Dr. Staller: This largely mirrors real-world practice. Metoclopramide remains the only FDA-approved prokinetic for gastroparesis, and short “pulsed” erythromycin courses are familiar to many of us—recognizing tachyphylaxis limits durability. Our recommendation is “conditional” because the underlying evidence is modest and patient responses are heterogeneous, but it formalizes what many clinicians already do: start with metoclopramide (lowest effective dose, limited duration, counsel on neurologic adverse effects) and reserve erythromycin for targeted use (exacerbations, bridging).
Several agents, including domperidone and prucalopride, received recommendations against first-line use. How will that influence discussions with patients who ask about these therapies?
Dr. Staller: Two points I share with patients: evidence and access/safety. For domperidone, the data quality is mixed, and US access is through an FDA IND mechanism; you’re committing patients to EKG monitoring and a non-trivial administrative lift. For prucalopride, the gastroparesis-specific evidence isn’t strong enough yet to justify first-line use. So, our stance is not “never,” it’s just “not first.” If someone fails or cannot tolerate initial therapy, we can revisit these options through shared decision-making, setting expectations about benefit, monitoring, and off-label use. The guideline language helps clinicians have a transparent, evidence-based conversation at the first visit.
The guidelines suggest reserving procedures like G-POEM and gastric electrical stimulation for refractory cases. In your practice, how do you decide when a patient is “refractory” to medical therapy?
Dr. Staller: I define “refractory” with three anchors.
1. Adequate trials of foundational care: dietary optimization and glycemic control; an antiemetic; and at least one prokinetic at appropriate dose/duration (with intolerance documented if stopped early).
2. Persistent, function-limiting symptoms: ongoing nausea/vomiting, weight loss, dehydration, ER visits/hospitalizations, or malnutrition despite the above—ideally tracked with a validated instrument (e.g., GCSI) plus nutritional metrics.
3. Objective correlation: delayed emptying on a standardized 4-hour solid-meal study that aligns with the clinical picture (and medications that slow emptying addressed).
At that point, referral to a center with procedural expertise for G-POEM or consideration of gastric electrical stimulation becomes appropriate, with multidisciplinary evaluation (GI, nutrition, psychology, and, when needed, surgery).
What role do you see dietary modification and glycemic control playing alongside pharmacologic therapy in light of these recommendations?
Dr. Staller: They’re the bedrock. A small-particle, lower-fat, calorie-dense diet—often leaning on nutrient-rich liquids—can meaningfully reduce symptom burden. Partnering with dietitians early pays dividends.
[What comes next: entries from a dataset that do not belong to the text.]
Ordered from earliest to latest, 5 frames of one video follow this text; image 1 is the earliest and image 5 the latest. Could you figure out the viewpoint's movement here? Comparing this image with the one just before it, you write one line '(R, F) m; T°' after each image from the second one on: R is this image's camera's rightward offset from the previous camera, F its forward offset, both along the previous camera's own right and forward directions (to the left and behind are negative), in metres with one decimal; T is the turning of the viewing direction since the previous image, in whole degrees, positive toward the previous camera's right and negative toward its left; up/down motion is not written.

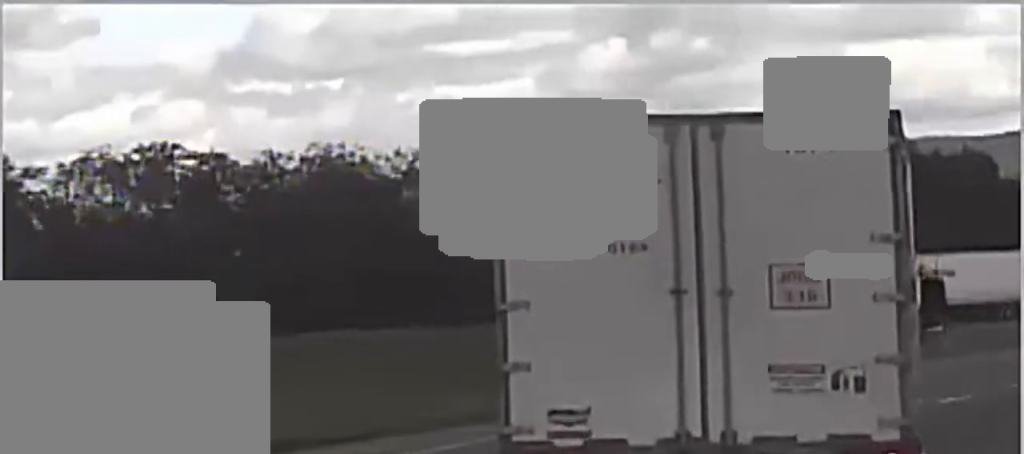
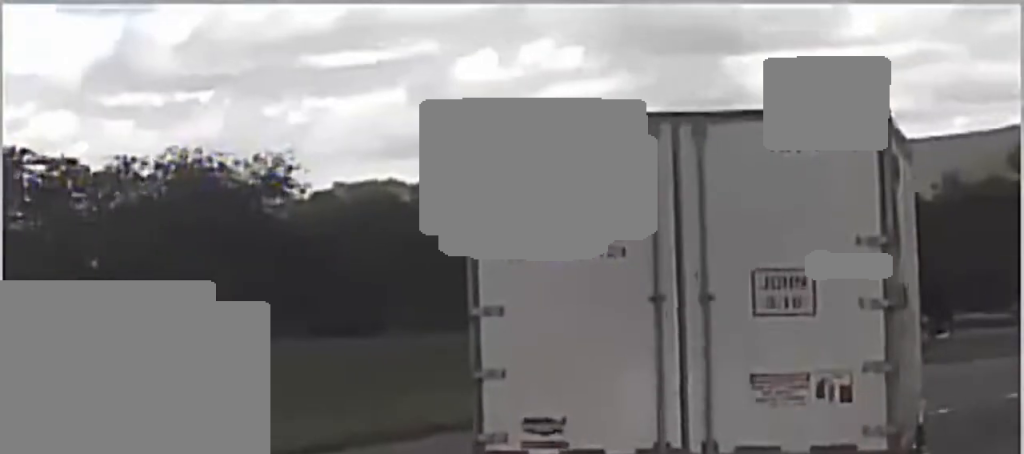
(0.0, +16.1) m; +1°
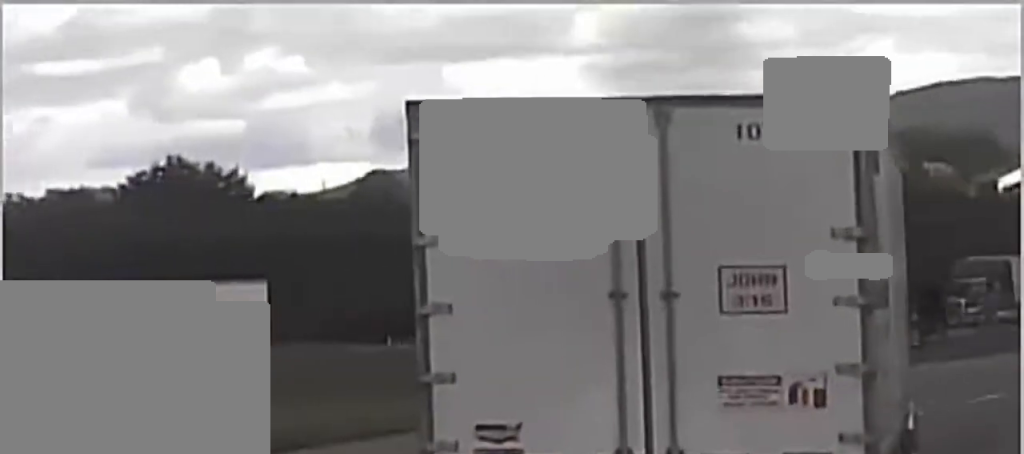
(+0.7, +28.9) m; +2°
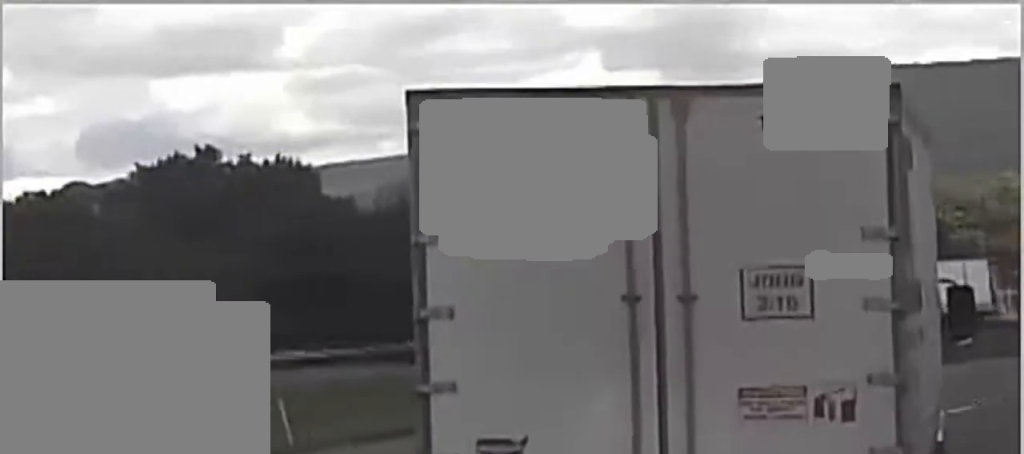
(+0.5, +31.9) m; +2°
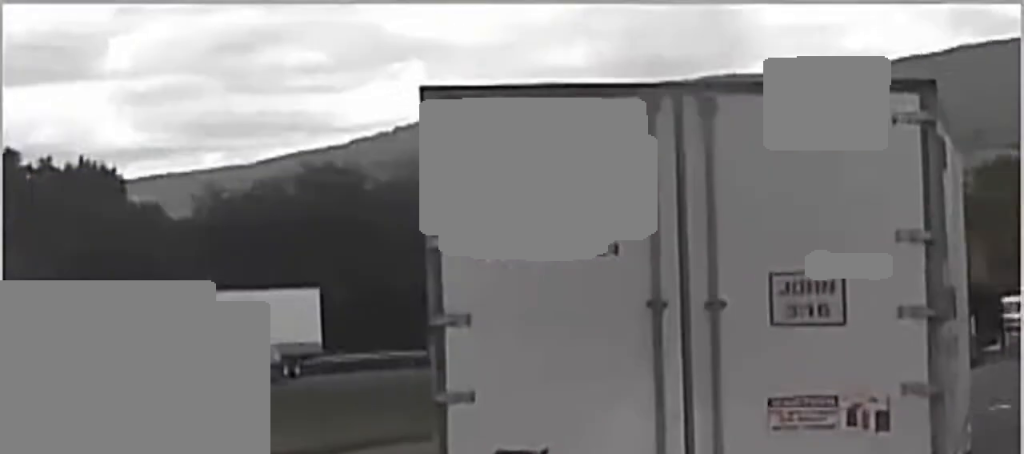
(0.0, +18.8) m; +1°

For diabetes, tighter glycemic control can improve gastric emptying and symptoms; I explicitly review medications that can slow emptying (e.g., opioids; consider timing/necessity of GLP-1 receptor agonists) and encourage continuous glucose monitor-informed adjustments. Pharmacotherapy sits on top of those pillars; without them, medications will likely underperform.
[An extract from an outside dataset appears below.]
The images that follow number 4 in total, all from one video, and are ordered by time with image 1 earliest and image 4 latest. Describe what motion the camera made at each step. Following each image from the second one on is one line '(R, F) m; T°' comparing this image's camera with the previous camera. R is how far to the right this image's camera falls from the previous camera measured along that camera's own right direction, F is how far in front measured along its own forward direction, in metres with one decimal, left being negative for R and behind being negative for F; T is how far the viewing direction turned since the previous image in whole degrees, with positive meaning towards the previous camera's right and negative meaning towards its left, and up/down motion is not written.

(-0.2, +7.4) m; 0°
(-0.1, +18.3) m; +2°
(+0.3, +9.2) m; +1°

The guideline notes “considerable unmet need” in gastroparesis treatment. Where do you think future therapies or research are most urgently needed?
Dr. Staller: I see three major areas.
1. Truly durable prokinetics: agents that improve emptying and symptoms over months, with better safety than legacy options (e.g., next-gen motilin/ghrelin agonists, better-studied 5-HT4 strategies).
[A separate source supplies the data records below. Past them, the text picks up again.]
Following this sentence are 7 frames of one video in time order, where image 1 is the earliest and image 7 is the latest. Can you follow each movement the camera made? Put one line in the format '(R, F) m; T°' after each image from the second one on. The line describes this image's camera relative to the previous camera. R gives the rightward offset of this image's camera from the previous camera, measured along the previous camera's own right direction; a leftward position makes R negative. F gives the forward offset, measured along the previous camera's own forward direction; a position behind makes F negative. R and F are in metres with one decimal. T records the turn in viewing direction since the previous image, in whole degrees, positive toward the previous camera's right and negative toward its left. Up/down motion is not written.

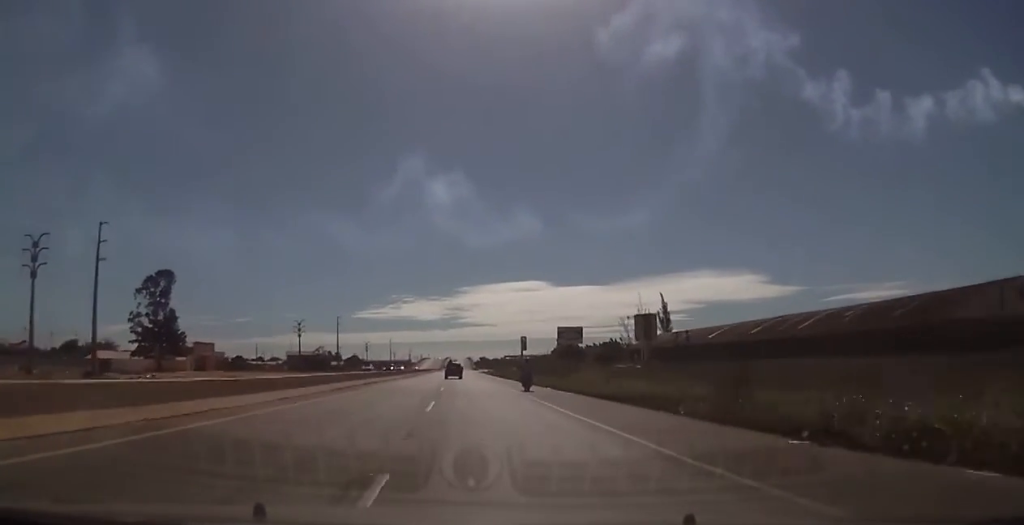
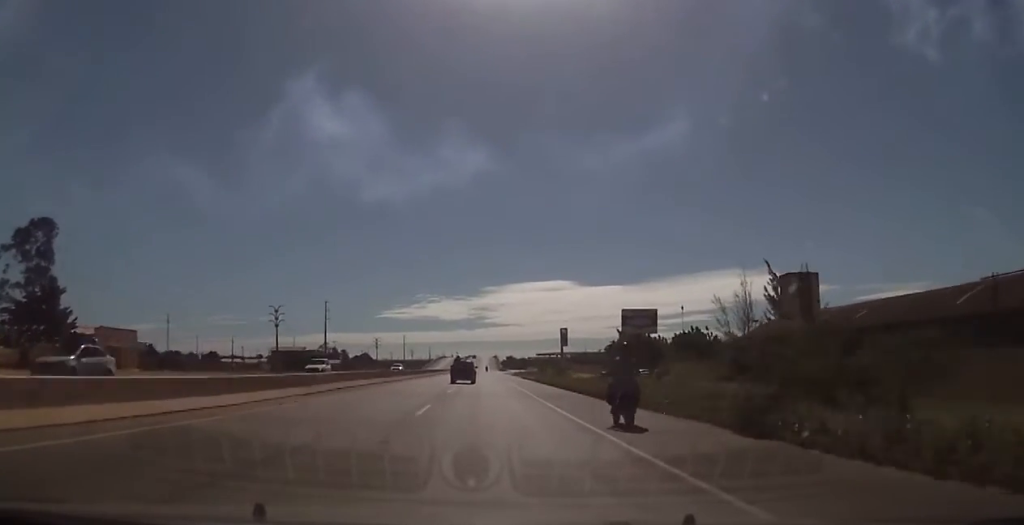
(+0.1, +52.6) m; 0°
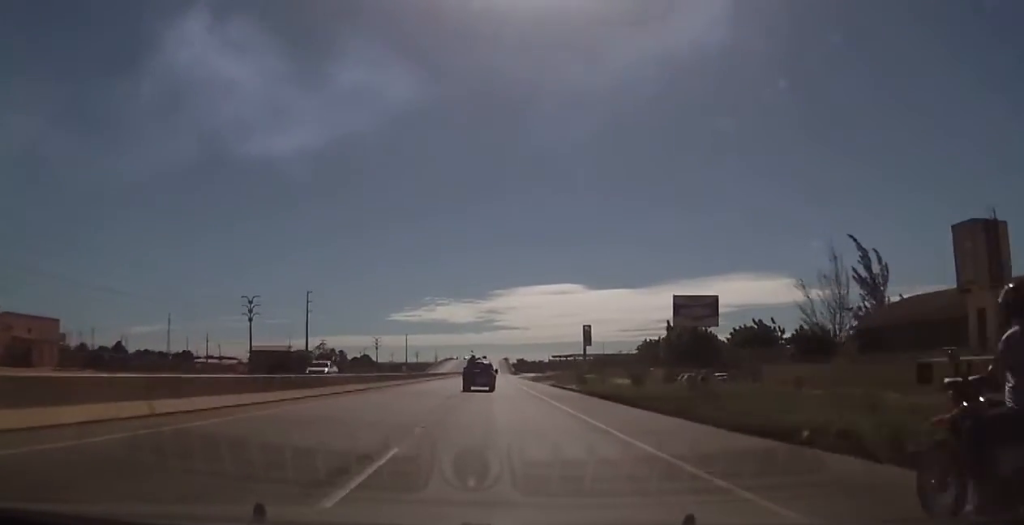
(-0.3, +26.8) m; -1°
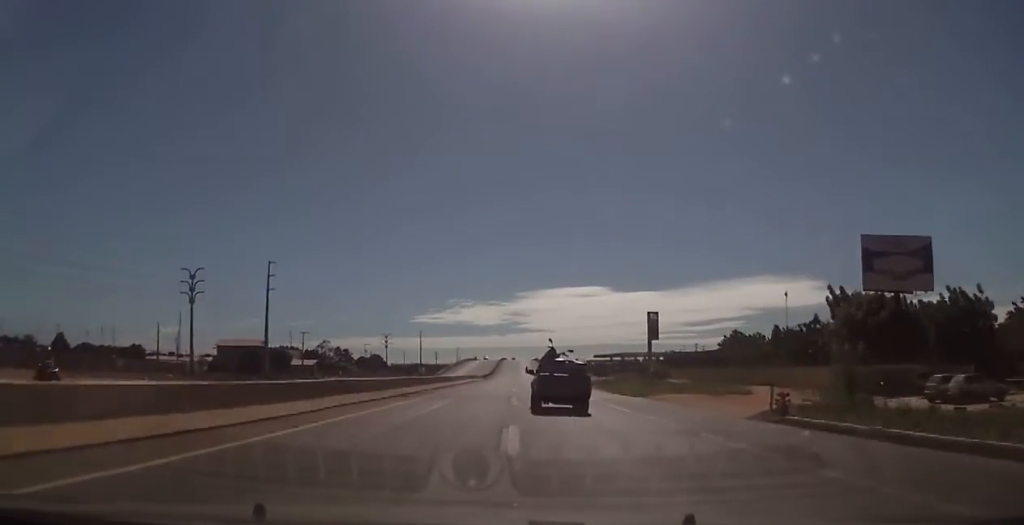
(-0.8, +37.9) m; -3°
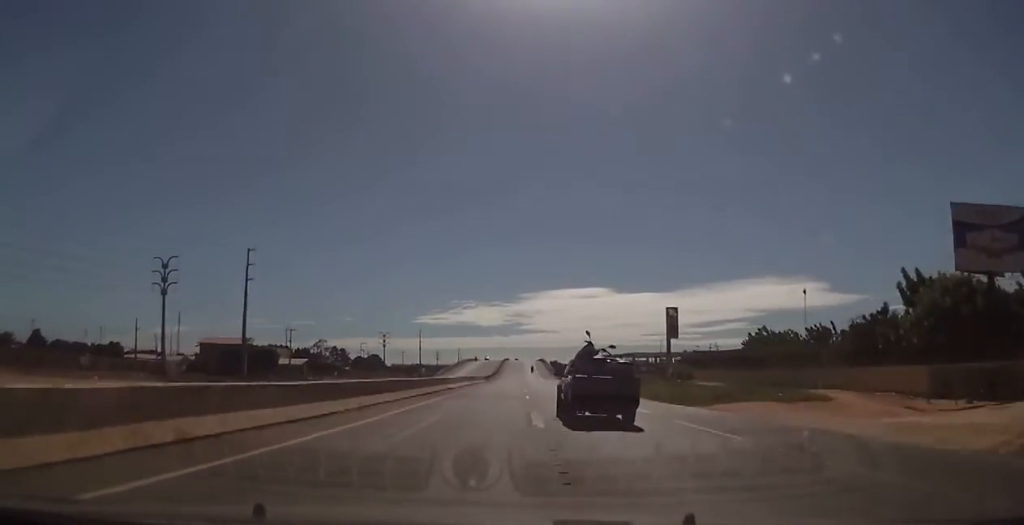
(-0.1, +8.5) m; 0°
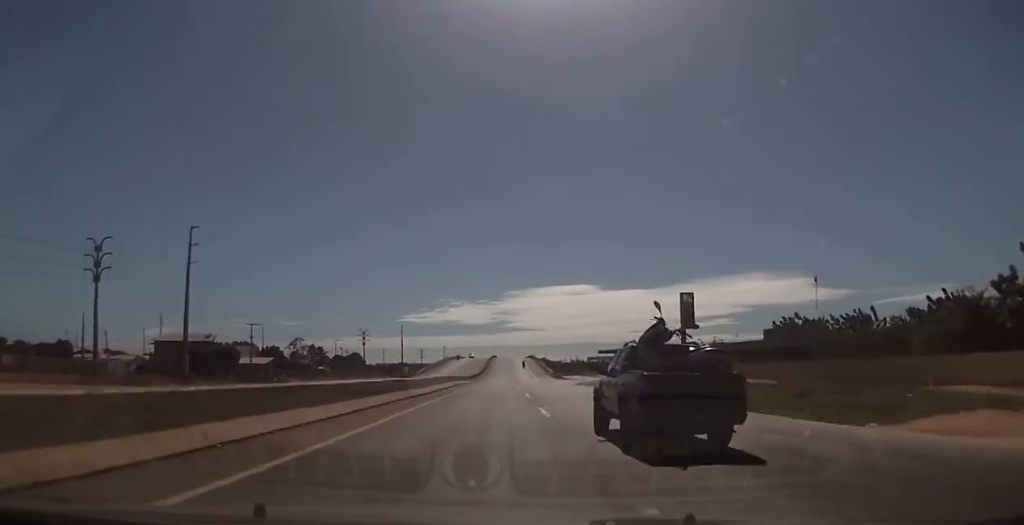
(-0.1, +11.2) m; 0°
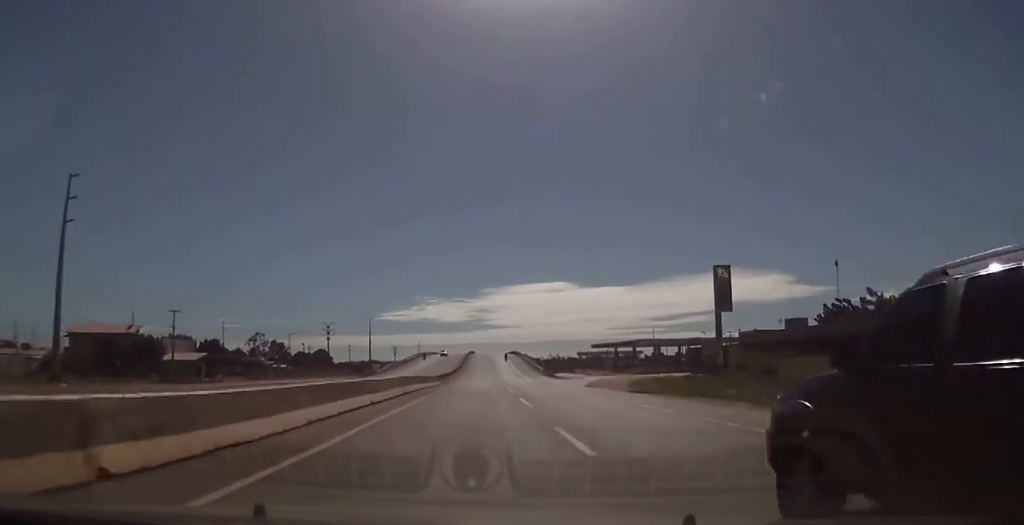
(+0.2, +17.2) m; +2°

2. Endotyping and biomarkers: we need to stop treating all gastroparesis as one disease. Clinical, physiologic, and microbiome/omic signatures that predict who benefits from which therapy (drug vs G-POEM vs GES) would transform care.
3. Patient-centered trials: larger, longer RCTs that prioritize validated symptom and quality-of-life outcomes, include nutritional endpoints, and reflect real-world medication confounders.
Our guideline intentionally highlights these gaps to hopefully catalyze better trials and smarter referral pathways.
Dr. Staller is with the Division of Gastroenterology, Massachusetts General Hospital and Harvard Medical School, Boston.